LISTED RECORDS:
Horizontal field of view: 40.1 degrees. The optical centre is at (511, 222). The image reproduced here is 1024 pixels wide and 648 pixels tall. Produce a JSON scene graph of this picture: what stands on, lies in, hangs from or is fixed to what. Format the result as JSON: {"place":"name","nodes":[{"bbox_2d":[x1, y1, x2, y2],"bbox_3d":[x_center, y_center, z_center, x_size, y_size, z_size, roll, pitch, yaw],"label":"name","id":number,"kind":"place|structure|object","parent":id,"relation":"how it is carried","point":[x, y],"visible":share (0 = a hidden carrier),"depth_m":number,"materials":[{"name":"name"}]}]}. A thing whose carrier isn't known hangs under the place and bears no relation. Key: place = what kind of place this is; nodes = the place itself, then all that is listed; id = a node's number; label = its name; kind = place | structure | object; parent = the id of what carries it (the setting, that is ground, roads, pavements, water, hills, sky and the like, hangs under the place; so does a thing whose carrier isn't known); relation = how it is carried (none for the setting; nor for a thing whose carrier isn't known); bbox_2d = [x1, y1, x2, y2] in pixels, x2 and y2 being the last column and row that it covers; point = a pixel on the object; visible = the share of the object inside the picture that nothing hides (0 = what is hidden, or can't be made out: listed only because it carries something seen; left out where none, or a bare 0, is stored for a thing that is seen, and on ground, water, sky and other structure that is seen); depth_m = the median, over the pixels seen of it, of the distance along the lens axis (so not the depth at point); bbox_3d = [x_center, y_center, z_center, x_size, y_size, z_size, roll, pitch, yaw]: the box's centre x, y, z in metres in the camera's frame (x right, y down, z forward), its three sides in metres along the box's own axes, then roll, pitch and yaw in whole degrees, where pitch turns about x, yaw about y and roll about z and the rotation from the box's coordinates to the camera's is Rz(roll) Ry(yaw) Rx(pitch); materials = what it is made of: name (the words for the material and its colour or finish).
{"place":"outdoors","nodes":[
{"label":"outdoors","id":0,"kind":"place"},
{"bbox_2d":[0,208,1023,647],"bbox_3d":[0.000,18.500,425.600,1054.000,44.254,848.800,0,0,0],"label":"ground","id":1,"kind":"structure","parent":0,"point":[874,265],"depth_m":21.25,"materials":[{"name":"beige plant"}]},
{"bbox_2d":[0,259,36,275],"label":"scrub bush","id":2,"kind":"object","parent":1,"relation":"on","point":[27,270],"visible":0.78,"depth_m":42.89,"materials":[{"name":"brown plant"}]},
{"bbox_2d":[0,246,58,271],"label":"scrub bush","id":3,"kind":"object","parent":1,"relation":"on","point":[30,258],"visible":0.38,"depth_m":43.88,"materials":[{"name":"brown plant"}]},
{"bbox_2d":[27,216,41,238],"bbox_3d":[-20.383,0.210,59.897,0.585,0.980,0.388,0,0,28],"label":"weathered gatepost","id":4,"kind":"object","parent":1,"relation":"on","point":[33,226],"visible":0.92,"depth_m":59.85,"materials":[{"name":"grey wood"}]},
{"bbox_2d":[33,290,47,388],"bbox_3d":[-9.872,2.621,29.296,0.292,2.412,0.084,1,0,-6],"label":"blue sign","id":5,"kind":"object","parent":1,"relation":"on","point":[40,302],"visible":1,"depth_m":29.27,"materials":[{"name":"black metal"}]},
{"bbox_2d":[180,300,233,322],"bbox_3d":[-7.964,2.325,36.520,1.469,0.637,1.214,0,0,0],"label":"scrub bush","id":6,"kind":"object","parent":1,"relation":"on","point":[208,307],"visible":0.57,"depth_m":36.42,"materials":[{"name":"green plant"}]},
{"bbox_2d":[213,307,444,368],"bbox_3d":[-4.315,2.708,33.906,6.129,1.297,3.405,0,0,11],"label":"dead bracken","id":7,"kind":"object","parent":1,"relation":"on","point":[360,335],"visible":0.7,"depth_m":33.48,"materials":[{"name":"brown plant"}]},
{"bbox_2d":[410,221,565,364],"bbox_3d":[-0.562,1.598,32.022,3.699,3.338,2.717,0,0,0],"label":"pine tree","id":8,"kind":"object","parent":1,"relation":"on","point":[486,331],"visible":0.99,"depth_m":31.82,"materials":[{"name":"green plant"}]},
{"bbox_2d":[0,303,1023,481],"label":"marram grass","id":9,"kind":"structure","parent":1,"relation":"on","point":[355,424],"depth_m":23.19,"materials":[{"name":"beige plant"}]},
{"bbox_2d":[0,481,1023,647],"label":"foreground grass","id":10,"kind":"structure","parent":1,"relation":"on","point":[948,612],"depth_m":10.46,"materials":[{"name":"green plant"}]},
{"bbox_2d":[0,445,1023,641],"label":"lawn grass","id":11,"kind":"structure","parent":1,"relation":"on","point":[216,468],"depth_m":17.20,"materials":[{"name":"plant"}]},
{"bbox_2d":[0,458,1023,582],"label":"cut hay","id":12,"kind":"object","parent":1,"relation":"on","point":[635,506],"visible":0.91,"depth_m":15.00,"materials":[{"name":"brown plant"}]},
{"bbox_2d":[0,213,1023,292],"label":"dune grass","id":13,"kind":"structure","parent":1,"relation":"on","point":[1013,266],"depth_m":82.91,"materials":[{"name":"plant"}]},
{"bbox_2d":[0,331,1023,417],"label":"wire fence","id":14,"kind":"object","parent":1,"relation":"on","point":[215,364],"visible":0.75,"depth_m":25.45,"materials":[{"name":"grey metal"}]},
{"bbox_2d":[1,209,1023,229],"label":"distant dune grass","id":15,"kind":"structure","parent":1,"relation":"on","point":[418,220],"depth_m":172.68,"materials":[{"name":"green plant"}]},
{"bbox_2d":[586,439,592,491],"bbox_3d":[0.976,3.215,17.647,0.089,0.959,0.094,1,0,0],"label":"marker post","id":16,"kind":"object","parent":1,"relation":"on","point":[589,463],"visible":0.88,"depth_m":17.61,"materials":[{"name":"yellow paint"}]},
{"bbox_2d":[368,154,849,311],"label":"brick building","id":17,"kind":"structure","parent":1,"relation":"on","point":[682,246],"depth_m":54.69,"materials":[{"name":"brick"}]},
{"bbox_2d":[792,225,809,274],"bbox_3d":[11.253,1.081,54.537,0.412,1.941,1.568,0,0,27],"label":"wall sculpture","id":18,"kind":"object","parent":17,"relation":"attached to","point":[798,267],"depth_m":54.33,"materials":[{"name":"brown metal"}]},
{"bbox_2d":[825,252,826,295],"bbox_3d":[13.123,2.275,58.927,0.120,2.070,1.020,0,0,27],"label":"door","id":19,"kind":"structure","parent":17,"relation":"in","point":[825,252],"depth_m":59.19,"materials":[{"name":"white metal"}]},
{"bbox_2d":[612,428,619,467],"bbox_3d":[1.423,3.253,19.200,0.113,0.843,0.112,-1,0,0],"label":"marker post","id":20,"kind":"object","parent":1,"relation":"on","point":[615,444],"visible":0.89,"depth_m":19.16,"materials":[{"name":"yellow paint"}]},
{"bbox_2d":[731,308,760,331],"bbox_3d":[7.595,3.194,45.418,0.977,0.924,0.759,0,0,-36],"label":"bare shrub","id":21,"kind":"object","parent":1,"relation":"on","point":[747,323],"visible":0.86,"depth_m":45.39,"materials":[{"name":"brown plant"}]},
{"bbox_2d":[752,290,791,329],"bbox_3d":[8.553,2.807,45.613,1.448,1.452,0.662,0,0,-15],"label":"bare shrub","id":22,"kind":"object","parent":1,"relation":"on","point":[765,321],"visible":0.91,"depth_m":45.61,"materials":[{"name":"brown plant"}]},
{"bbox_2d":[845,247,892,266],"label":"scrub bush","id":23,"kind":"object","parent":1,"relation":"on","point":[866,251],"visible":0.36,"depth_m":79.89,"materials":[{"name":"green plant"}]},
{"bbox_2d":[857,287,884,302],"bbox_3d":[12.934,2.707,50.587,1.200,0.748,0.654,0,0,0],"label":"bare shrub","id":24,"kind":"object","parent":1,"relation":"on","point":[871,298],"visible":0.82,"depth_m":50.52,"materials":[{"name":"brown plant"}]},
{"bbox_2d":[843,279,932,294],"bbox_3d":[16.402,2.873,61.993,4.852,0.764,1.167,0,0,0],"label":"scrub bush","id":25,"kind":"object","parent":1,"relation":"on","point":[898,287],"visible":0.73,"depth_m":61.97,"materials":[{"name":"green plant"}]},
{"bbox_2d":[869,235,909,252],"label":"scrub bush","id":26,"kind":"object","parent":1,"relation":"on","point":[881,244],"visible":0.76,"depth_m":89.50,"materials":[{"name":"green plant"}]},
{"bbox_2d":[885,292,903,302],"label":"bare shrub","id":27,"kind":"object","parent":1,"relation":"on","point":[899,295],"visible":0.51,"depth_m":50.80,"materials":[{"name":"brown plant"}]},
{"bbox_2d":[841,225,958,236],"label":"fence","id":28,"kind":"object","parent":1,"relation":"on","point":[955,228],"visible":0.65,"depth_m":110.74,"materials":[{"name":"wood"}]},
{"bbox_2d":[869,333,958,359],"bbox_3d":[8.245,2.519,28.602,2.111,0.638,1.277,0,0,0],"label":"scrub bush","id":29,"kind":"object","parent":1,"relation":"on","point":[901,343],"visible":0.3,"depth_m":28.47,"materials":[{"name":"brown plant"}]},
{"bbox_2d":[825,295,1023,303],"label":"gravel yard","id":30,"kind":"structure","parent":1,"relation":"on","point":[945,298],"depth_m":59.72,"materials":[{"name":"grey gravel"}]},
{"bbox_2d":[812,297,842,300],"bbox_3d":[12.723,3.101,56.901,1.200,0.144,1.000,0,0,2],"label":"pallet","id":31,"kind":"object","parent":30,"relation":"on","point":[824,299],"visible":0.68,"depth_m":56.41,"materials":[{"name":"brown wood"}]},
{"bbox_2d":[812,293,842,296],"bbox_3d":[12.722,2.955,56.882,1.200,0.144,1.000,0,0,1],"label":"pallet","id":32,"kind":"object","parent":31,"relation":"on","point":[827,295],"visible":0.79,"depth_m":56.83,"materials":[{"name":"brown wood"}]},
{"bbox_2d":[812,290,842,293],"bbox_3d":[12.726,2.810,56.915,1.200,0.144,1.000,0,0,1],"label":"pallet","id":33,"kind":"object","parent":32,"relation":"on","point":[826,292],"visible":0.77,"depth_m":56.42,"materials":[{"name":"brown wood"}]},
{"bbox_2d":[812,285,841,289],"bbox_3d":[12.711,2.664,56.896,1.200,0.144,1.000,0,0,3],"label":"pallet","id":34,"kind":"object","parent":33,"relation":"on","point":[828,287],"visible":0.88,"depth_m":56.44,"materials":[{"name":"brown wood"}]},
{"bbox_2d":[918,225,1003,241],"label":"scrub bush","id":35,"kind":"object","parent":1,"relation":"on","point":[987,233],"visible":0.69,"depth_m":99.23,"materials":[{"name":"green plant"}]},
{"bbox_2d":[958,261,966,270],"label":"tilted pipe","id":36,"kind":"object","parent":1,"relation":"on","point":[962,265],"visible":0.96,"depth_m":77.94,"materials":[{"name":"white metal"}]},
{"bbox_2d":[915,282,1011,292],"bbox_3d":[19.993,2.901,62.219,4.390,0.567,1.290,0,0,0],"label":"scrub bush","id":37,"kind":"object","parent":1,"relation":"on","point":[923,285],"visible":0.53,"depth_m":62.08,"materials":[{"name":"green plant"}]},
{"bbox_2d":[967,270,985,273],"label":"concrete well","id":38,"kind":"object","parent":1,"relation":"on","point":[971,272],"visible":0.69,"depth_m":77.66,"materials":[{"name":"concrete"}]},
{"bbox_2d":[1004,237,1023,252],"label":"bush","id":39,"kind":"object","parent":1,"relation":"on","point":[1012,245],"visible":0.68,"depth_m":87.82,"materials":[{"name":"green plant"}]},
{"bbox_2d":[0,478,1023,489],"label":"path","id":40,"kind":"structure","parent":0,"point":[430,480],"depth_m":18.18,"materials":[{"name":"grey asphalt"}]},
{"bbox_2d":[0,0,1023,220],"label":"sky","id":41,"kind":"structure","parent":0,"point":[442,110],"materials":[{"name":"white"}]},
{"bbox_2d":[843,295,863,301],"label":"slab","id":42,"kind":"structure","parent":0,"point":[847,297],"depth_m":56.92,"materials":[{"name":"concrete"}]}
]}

...

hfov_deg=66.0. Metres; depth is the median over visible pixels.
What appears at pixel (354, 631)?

ACTIVITY: Taking the entries above, write out exactly each line from the one holding "hfov_deg=66.0. Metres; depth" to the one holding "What appears at pixel (354, 631)?", both included, and stop there.

RESPONSE TO THIS TASK:
hfov_deg=66.0. Metres; depth is the median over visible pixels.
What appears at pixel (354, 631)?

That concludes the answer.